Фидаксомицин

Описание

Fidaxomicin (OPT-80) was approved by the U.S. FDA in May 2011 for the treatment of Clostridium difficile-associated diarrhea (CDAD), joining metronidazole and vancomycin as drugs recommended for treatment of C. difficile infections (CDI). Fidaxomicin, also known as lipiarmycin and tiacumicin, is an 18-membered macrolide natural product that was first reported in mid-1970s and is produced by fermentation. Fidaxomicin and its primary metabolite OP-1118, which results from hydrolysis of the isobutyryl ester, are narrowspectrum antibacterial agents with activity against gram-positive aerobic and anaerobic organisms, but not against gram-negative organisms. Fidaxomicin and OP-1118 exert their antibacterial activity by inhibiting bacterial RNA polymerase, thereby inhibiting bacterial protein synthesis.
The MIC90 (minimum inhibitory concentration to kill 90% of bacteria) for fidaxomicin against C.difficile is 0.125–0.25 μg/mL; OP- 1118 is 4- to 16-fold less potent than the parent compound. Fidaxomicin has been reported to spare native intestinal flora such as Bacteroides spp. and as such, may prevent selection of drug-resistant bacteria. Fidaxomicin is bactericidal to C. difficile and has a low propensity for resistance development with no cross-resistance to existing antibiotics. Fidaxomicin shows minimal systemic absorption following oral administration in preclinical studies and humans.

Использование

Fidaxomicin is a recently marketed antibiotic with a confusing history dating back to its original isolation in 1975. Fidaxomicin is the major analogue of a family of macrocyclic lactones, isolated independently by three different groups from cultures belonging to three different genera (Actinoplanes, Dactylosporangium and Micromonospora) known as lipiarmycin A3, tiacumicin B and clostomicin B1, respectively. Fidaxomicin is a narrow spectrum antibiotic with excellent activity against Gram positive bacteria, notably Clostridium difficile. Fidaxomicin acts in the gastrointestinal tract without undue disruption to gut microbial flora.

Определение

ChEBI: An 18-membered macrolide that is a fermentation product obtained from the Actinomycete Dactylosporangium aurantiacum. A narrow spectrum antibiotic used for treatment of Clostridium difficile-related infections.
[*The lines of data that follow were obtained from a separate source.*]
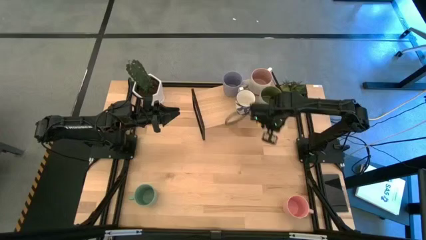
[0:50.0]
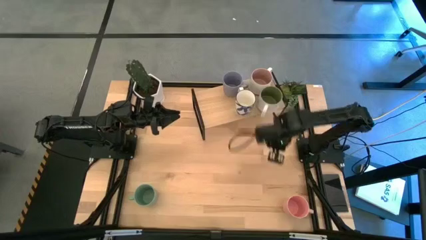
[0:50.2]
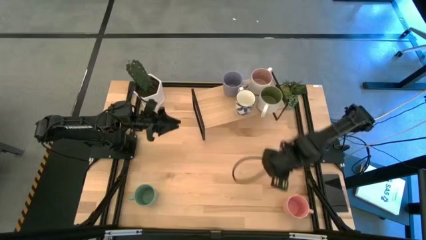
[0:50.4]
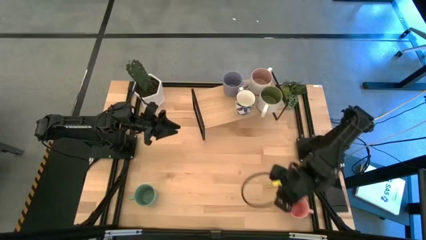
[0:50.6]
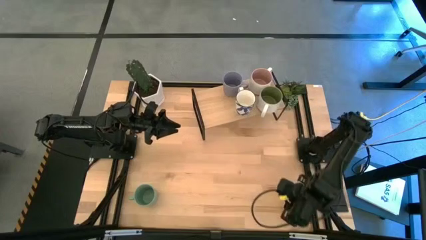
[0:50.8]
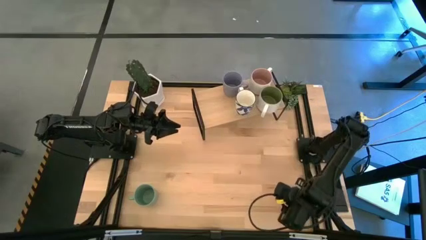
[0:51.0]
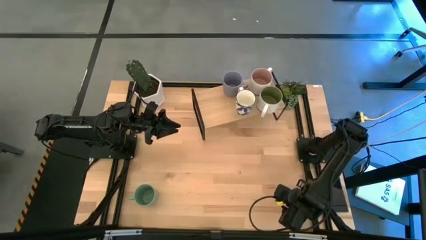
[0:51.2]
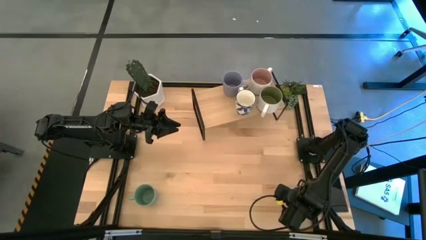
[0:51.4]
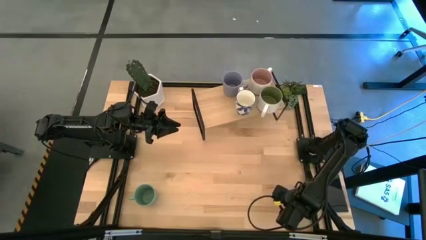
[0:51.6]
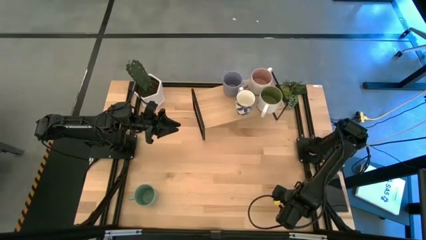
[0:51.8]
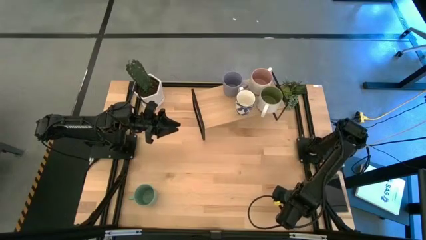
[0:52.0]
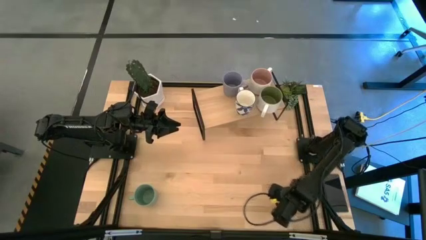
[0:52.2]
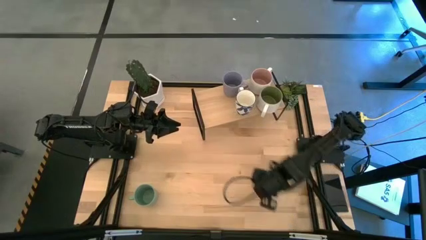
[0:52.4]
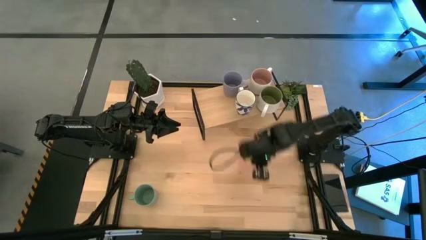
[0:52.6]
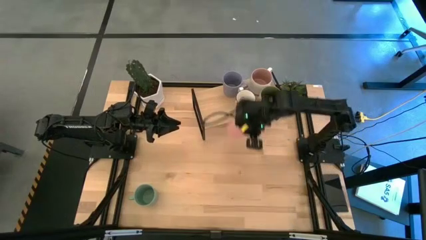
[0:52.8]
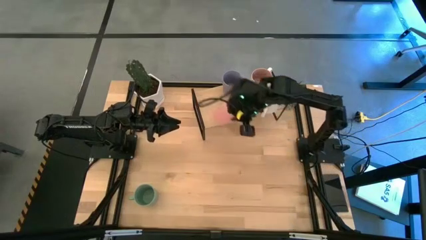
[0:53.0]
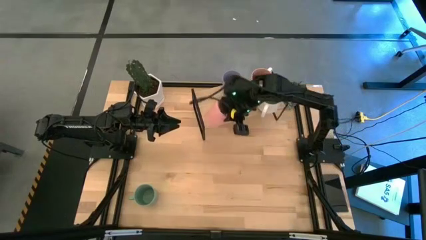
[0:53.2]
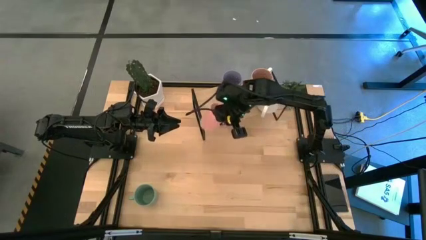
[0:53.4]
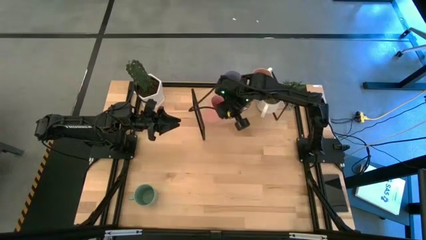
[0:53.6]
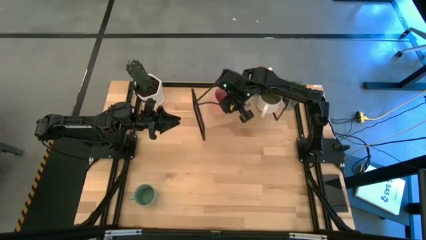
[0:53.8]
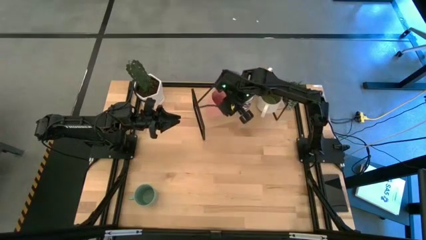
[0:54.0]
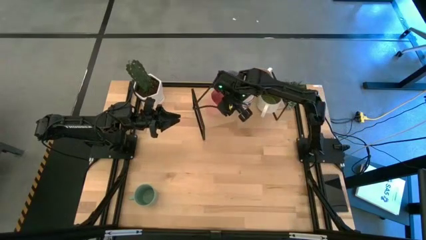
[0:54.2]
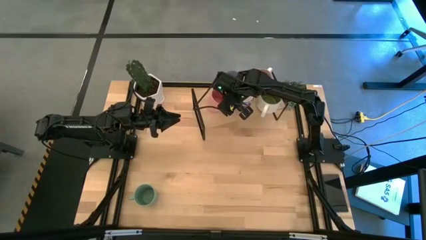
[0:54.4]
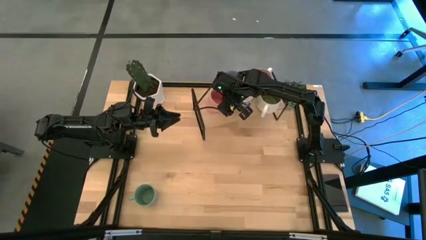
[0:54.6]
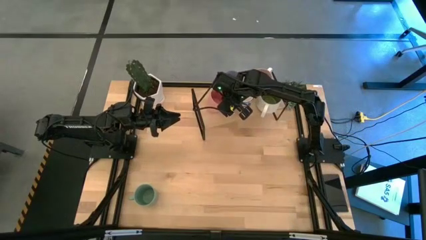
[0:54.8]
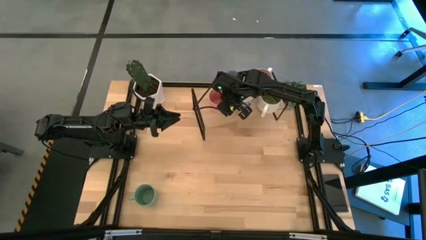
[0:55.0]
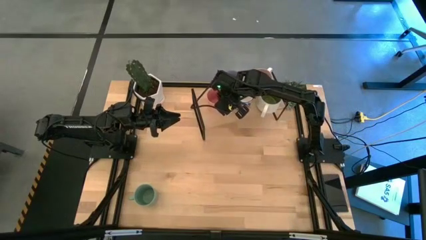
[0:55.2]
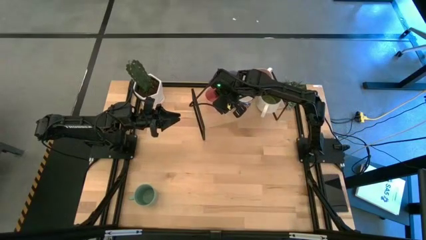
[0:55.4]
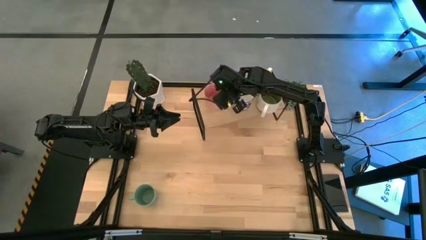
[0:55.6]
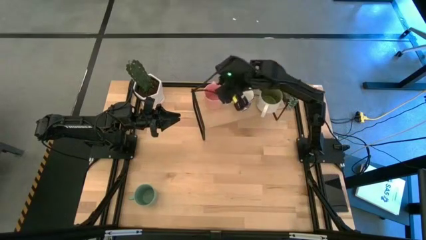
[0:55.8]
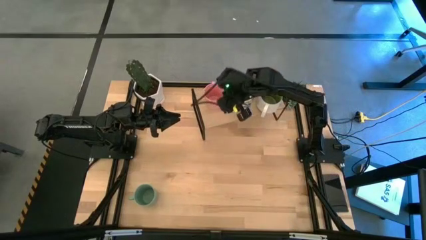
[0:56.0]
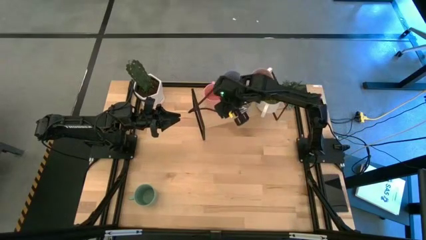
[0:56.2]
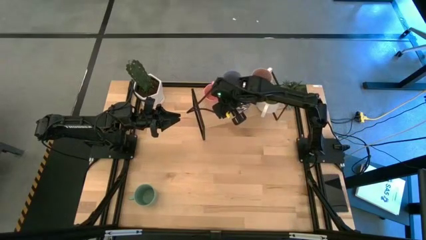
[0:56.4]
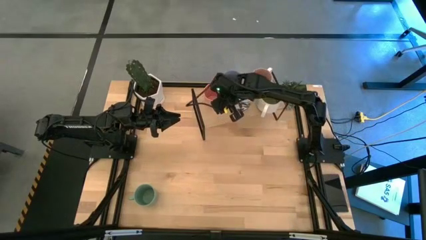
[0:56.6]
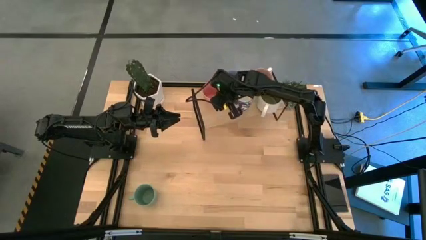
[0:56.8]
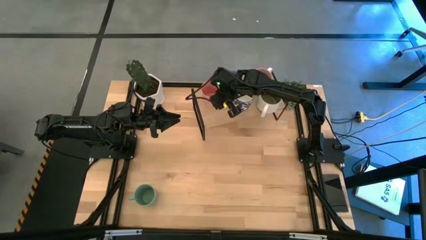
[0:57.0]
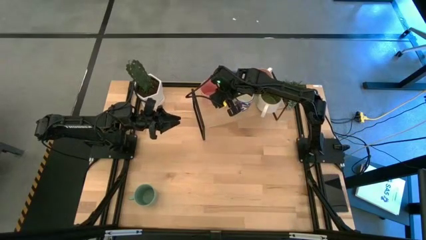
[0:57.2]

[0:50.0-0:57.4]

Фармацевтические приложения

Formerly known as difimicin. An 18-membered macrocyclic compound related to the tiacumicin group of antibiotics rather than conventional macrolides. It is active against staphylococci (MIC 0.5–2 mg/L) and most anaerobic Grampositive bacilli and cocci, but Gram-negative bacilli, including Gram-negative anaerobes, are resistant. It is very poorly absorbed when given orally and most interest surrounds its activity against C. difficile (MIC 0.12–0.25 mg/L). Such data as are presently available from clinical trials suggest that it is as safe and effective in the treatment of C. difficile-associated diarrhea as vancomycin.